I’ve jumped into snowplow fresh and (for better or worse) decided we wanted to stream events straight to BigQuery. I’m using the JS tracker along with the Kinesis collector, Kinesis enrichment and the Kinesis S3 sink and things are working well.

From reading the documentation about Iglu and unstructured events, I knew a little about how events got shredded into separate tables joined by a foreign key and I didn’t fancy having to re-implement all that logic so I stuck to using just structured events; all that would be left to do is map the TSV enriched file to a BigQuery schema and load it in.

I then realised that we’re using Google Enhanced Ecommerce tags and they end up as unstructured events after enrichment so now I’m wondering what options I have.

At this point I’m close to giving up and using GTM to map the ecommerce events to the 5 structured event fields (https://github.com/snowplow/snowplow/wiki/2-Specific-event-tracking-with-the-Javascript-tracker#trackStructEvent) and run the risk of dropping some data that doesn’t quite fit into these fields (we’re planning to run GA in parallel with Snowplow anyway). Is that a sensible thing to do? Any other ideas?

Thanks,
Shin


#2

Hey @Shin, this is a really interesting topic. We’ve spent some time looking at BigQuery so hopefully we can help give you some guidance here.

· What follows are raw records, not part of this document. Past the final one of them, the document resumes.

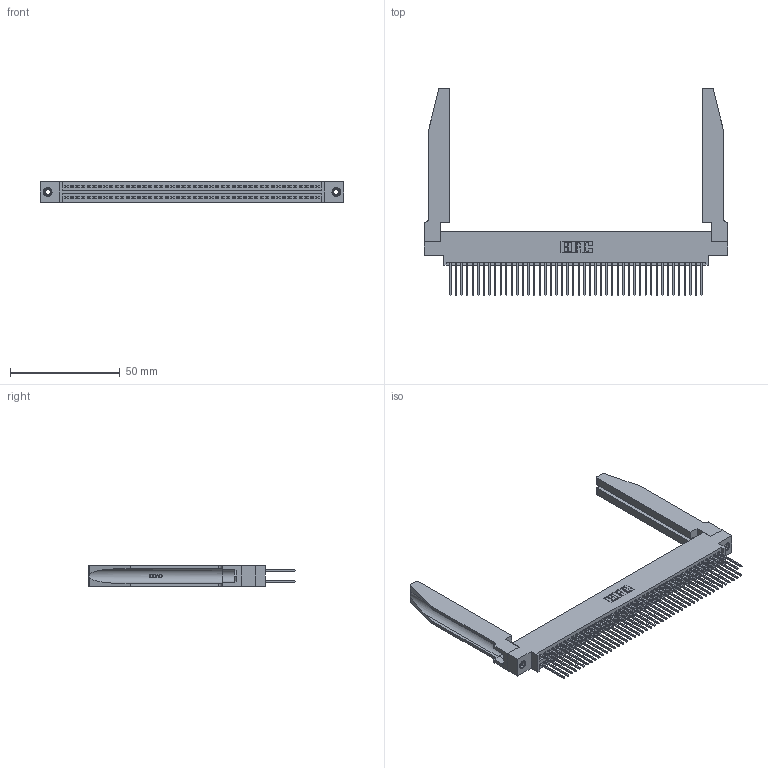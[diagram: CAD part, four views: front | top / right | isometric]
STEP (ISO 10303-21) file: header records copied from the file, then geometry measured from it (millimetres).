
FILE_DESCRIPTION (( 'STEP AP203' ), '1' );
FILE_NAME ('395-092-540-878.STEP', '2019-10-25T19:29:33', ( '' ), ( '' ), 'SwSTEP 2.0', 'SolidWorks 2016', '' );
FILE_SCHEMA (( 'CONFIG_CONTROL_DESIGN' ));
Length unit declared in the file: inch
Products named in the file (5): 395-092-540-878; 345 Part_0.170 Offset - 0.156 Dia-TH; 345-292-001_345-293-140; 345-250-001_345-250-001-102; 345-220-078_345-220-078
Assembly tree (97 placements, depth 2):
  395-092-540-878
    345 Part_0.170 Offset - 0.156 Dia-TH
    345-292-001_345-293-140  x92
    345-250-001_345-250-001-102  x2
    345-220-078_345-220-078  x2
Bounding box: 138.07 x 94.41 x 9.4 mm (x, y, z)
Volume: 21455.6 mm3; surface area: 28906.5 mm2
Topology: 97 solids, 97 shells, 4964 faces, 14669 edges, 9646 vertices
Faces by surface type: plane 3262, cylinder 1650, bspline 36, cone 12, torus 4
Entity records: 40444 total; most frequent: CARTESIAN_POINT 7695, ORIENTED_EDGE 6526, DIRECTION 5773, EDGE_CURVE 3263, VECTOR 2853, LINE 2853, VERTEX_POINT 2168, AXIS2_PLACEMENT_3D 1460

We’ve thought about BigQuery a fair bit, and it’s unlikely that we would port our Redshift shredding code to BigQuery, for two reasons:

  1. We don’t believe BigQuery is as performant at mega-mega JOINs as Redshift
  2. BigQuery supports tables with deeply nested columns, unlike Redshift

For this reason, when we eventually add BigQuery support, we will likely dynamically mutate on a per-company basis the atomic.events table to contain (deeply nested) columns for each of the entities that a given company’s events can contain.

You are right - doing this in a real-time way that works for all users is a big engineering challenge (one which we haven’t prioritised yet). But you have an advantage, which is that you know up-front which entities you want to store in your atomic.events table: the Google Enhanced Ecommerce entities.

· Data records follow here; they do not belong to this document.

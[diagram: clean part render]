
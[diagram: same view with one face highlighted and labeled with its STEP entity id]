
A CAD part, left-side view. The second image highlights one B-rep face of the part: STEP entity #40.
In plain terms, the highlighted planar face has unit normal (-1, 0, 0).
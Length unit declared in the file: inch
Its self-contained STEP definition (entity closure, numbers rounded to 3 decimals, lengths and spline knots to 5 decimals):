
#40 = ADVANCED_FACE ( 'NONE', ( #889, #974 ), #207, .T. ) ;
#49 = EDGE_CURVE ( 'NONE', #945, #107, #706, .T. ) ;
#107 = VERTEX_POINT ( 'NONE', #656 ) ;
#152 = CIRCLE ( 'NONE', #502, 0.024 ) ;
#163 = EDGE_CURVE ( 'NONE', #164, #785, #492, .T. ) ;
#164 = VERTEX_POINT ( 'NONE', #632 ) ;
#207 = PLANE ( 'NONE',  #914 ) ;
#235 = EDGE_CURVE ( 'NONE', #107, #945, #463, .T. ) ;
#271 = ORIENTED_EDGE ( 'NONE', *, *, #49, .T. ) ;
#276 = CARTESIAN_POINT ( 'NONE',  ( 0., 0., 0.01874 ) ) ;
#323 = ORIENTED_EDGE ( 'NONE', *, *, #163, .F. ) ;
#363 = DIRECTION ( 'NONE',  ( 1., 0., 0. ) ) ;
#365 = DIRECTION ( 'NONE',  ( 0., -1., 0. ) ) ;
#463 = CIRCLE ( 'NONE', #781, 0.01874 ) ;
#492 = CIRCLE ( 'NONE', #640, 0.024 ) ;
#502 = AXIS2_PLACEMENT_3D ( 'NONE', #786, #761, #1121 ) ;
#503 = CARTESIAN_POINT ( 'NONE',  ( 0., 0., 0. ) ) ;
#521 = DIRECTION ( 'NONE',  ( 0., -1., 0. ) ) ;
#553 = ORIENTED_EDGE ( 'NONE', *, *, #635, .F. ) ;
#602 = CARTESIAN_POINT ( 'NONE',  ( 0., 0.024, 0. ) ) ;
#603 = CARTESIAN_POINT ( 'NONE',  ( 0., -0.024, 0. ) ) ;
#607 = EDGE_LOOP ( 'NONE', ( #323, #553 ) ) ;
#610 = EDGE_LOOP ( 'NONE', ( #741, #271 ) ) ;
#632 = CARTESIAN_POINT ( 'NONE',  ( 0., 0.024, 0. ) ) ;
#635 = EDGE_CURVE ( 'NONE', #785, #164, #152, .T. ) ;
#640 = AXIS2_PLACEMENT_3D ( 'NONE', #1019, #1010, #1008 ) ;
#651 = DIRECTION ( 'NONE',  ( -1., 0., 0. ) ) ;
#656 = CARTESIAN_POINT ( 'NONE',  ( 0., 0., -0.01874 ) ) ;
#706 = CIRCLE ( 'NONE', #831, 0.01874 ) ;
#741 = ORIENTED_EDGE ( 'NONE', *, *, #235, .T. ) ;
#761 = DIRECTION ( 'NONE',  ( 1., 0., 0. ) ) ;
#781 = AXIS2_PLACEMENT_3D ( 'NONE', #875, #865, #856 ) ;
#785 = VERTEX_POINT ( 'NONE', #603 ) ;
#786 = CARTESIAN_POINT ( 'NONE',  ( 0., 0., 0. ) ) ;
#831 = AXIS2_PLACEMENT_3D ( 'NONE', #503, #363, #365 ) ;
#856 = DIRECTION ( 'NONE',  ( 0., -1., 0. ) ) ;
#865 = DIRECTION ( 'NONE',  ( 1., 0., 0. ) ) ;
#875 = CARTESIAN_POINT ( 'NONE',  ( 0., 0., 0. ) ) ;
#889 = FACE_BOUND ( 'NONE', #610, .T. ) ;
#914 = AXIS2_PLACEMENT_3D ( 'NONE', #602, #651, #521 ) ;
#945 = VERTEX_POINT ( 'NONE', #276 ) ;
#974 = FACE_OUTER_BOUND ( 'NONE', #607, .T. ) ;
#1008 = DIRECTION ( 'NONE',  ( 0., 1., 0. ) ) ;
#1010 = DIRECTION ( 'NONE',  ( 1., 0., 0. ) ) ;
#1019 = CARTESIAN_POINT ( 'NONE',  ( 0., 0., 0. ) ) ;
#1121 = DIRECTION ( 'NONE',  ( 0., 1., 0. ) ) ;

Therefore my suggestion is:

  • You take a look at our prior (out of date) BigQuery R&D, https://github.com/snowplow/snowplow/tree/feature/kinesis-bigquery-sink and https://github.com/snowplow/bigquery-loader-cli
  • You define a BigQuery table definition which extends atomic.events with the Google Enhanced Ecommerce entities
  • You create an updated Kinesis BigQuery Sink which reads the enriched events, looks for the Google Enhanced Ecommerce entities, and writes out each event to your custom atomic.events table
  • You open a PR back into Snowplow with your work - we won’t be able to merge it straight in, but it will help inform our thinking on how to generalize the solution for all users and entity types

Does that make sense?


#3

Thanks Alex - I didn’t know about the BQ sink and your point about deeply nested columns support in BQ was a very good one and helped reach a final solution.

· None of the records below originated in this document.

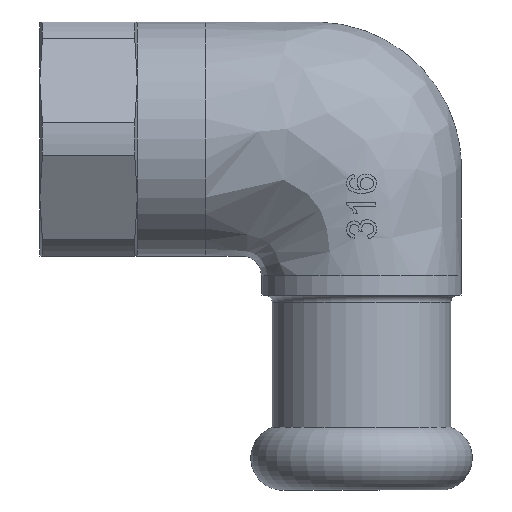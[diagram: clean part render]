
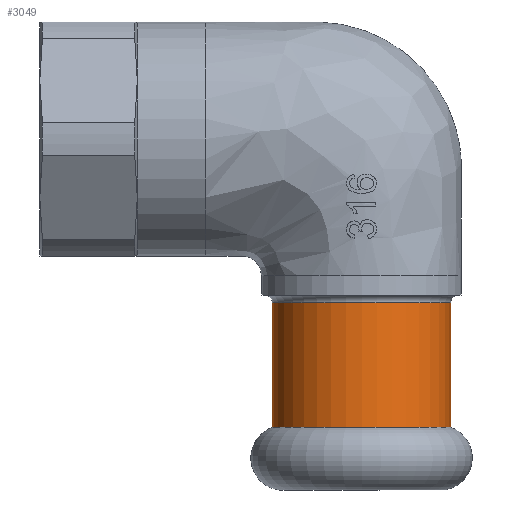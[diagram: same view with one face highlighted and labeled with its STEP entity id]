
A CAD part, left-side view. The second image highlights one B-rep face of the part: STEP entity #3049.
In plain terms, the highlighted cylindrical face has radius 9.15 mm (diameter 18.3 mm), a full revolution.
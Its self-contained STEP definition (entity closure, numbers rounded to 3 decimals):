
#564=LINE('',#7567,#700);
#700=VECTOR('',#3704,9.15);
#715=CYLINDRICAL_SURFACE('',#3237,9.15);
#879=FACE_OUTER_BOUND('',#1065,.T.);
#1065=EDGE_LOOP('',(#2788,#2789,#2790,#2791,#2792,#2793,#2794,#2795));
#1083=CIRCLE('',#3086,9.15);
#1084=CIRCLE('',#3087,9.15);
#1089=CIRCLE('',#3092,9.15);
#1138=CIRCLE('',#3228,9.15);
#1139=CIRCLE('',#3229,9.15);
#1143=CIRCLE('',#3233,9.15);
#1163=VERTEX_POINT('',#3774);
#1164=VERTEX_POINT('',#3775);
#1165=VERTEX_POINT('',#3777);
#1457=VERTEX_POINT('',#7550);
#1458=VERTEX_POINT('',#7551);
#1459=VERTEX_POINT('',#7553);
#1477=EDGE_CURVE('',#1163,#1164,#1083,.T.);
#1478=EDGE_CURVE('',#1165,#1163,#1084,.T.);
#1483=EDGE_CURVE('',#1164,#1165,#1089,.T.);
#1913=EDGE_CURVE('',#1457,#1458,#1138,.T.);
#1914=EDGE_CURVE('',#1458,#1459,#1139,.T.);
#1918=EDGE_CURVE('',#1459,#1457,#1143,.T.);
#1921=EDGE_CURVE('',#1458,#1164,#564,.T.);
#2788=ORIENTED_EDGE('',*,*,#1913,.F.);
#2789=ORIENTED_EDGE('',*,*,#1918,.F.);
#2790=ORIENTED_EDGE('',*,*,#1914,.F.);
#2791=ORIENTED_EDGE('',*,*,#1921,.T.);
#2792=ORIENTED_EDGE('',*,*,#1483,.T.);
#2793=ORIENTED_EDGE('',*,*,#1478,.T.);
#2794=ORIENTED_EDGE('',*,*,#1477,.T.);
#2795=ORIENTED_EDGE('',*,*,#1921,.F.);
#3049=ADVANCED_FACE('',(#879),#715,.T.);
#3086=AXIS2_PLACEMENT_3D('',#3776,#3272,#3273);
#3087=AXIS2_PLACEMENT_3D('',#3778,#3274,#3275);
#3092=AXIS2_PLACEMENT_3D('',#3786,#3284,#3285);
#3228=AXIS2_PLACEMENT_3D('',#7552,#3684,#3685);
#3229=AXIS2_PLACEMENT_3D('',#7554,#3686,#3687);
#3233=AXIS2_PLACEMENT_3D('',#7560,#3694,#3695);
#3237=AXIS2_PLACEMENT_3D('',#7566,#3702,#3703);
#3272=DIRECTION('center_axis',(0.,0.,1.));
#3273=DIRECTION('ref_axis',(0.,-1.,0.));
#3274=DIRECTION('center_axis',(0.,0.,1.));
#3275=DIRECTION('ref_axis',(0.,-1.,0.));
#3284=DIRECTION('center_axis',(0.,0.,1.));
#3285=DIRECTION('ref_axis',(0.,-1.,0.));
#3684=DIRECTION('center_axis',(0.,0.,1.));
#3685=DIRECTION('ref_axis',(0.,1.,0.));
#3686=DIRECTION('center_axis',(0.,0.,1.));
#3687=DIRECTION('ref_axis',(0.,1.,0.));
#3694=DIRECTION('center_axis',(0.,0.,1.));
#3695=DIRECTION('ref_axis',(0.,1.,0.));
#3702=DIRECTION('center_axis',(0.,0.,1.));
#3703=DIRECTION('ref_axis',(0.,-1.,0.));
#3704=DIRECTION('',(0.,0.,-1.));
#3774=CARTESIAN_POINT('',(0.,-9.15,-29.569));
#3775=CARTESIAN_POINT('',(0.,9.15,-29.569));
#3776=CARTESIAN_POINT('Origin',(0.,0.,-29.569));
#3777=CARTESIAN_POINT('',(-9.15,0.,-29.569));
#3778=CARTESIAN_POINT('Origin',(0.,0.,-29.569));
#3786=CARTESIAN_POINT('Origin',(0.,0.,-29.569));
#7550=CARTESIAN_POINT('',(0.,-9.15,-16.8));
#7551=CARTESIAN_POINT('',(0.,9.15,-16.8));
#7552=CARTESIAN_POINT('Origin',(0.,0.,-16.8));
#7553=CARTESIAN_POINT('',(-9.15,0.,-16.8));
#7554=CARTESIAN_POINT('Origin',(0.,0.,-16.8));
#7560=CARTESIAN_POINT('Origin',(0.,0.,-16.8));
#7566=CARTESIAN_POINT('Origin',(0.,0.,-22.784));
#7567=CARTESIAN_POINT('',(0.,9.15,-22.784));

Rather than going down the Kinesis sink route, I had already written an AWS Lambda to read enriched events from S3 and used the Scala SDK to transform the events. As you say, I’m only dealing with enhanced ecommerce events so I know what the json keys are in the flattened json which made writing the BQ schema ahead of time possible; I went a bit further and moved the values into fields that made a bit more sense:

public static String flattenGoogleEnhancedEcommerceRow(String json) {

JsonParser jsonParser = new JsonParser();

    HashMap<String,String> ecommerceTypes = new HashMap<String,String>() {{
        put("contexts_com_google_analytics_enhanced_ecommerce_action_field_object_1", "action");
        put("contexts_com_google_analytics_enhanced_ecommerce_impression_field_object_1", "impression");
        put("contexts_com_google_analytics_enhanced_ecommerce_product_field_object_1", "product");
        put("contexts_com_google_analytics_enhanced_ecommerce_promo_field_object_1", "promo");
    }};

    Iterator<String> types = ecommerceTypes.keySet().iterator();

    JsonObject rootObject = jsonParser.parse(json).getAsJsonObject();

    // Move each of the ecommerce types from the contexts field under ecomm where it will appear nested in BQ
    while(types.hasNext()) {
        String type = types.next();
        String prefix = ecommerceTypes.get(type);

        if (rootObject.has(type)) {
            JsonElement typeJson = rootObject.get(type);

            getEcommNode(rootObject).add(prefix, typeJson);
            rootObject.remove(type);
        }
    }

    // Flatten the action too
    String action = "unstruct_event_com_google_analytics_enhanced_ecommerce_action_1";
    if (rootObject.has(action)) {
        getEcommNode(rootObject).add("action_name", rootObject.getAsJsonObject(action).get("action"));
        rootObject.remove(action);
    }

    return rootObject.toString();
}

private static JsonObject getEcommNode(JsonObject rootObject) {
    if (!rootObject.has("ecomm")) {
        rootObject.add("ecomm", new JsonObject());
    }

    return rootObject.getAsJsonObject("ecomm");
}

Then we get back a json that we can stream to BQ. We’re still in the testing phase but this is probably what we’ll stick to.

Shin


#4

One thing you may need to be mindful with when using the S3 trigger with Lambda is that Lambda employs at least once semantics. This means it’s possible to potentially insert events from the same S3 file more than once into BQ (unless you’re deduplicating somehow before this).


#5

Thanks @mike - that’s a very good point I didn’t consider.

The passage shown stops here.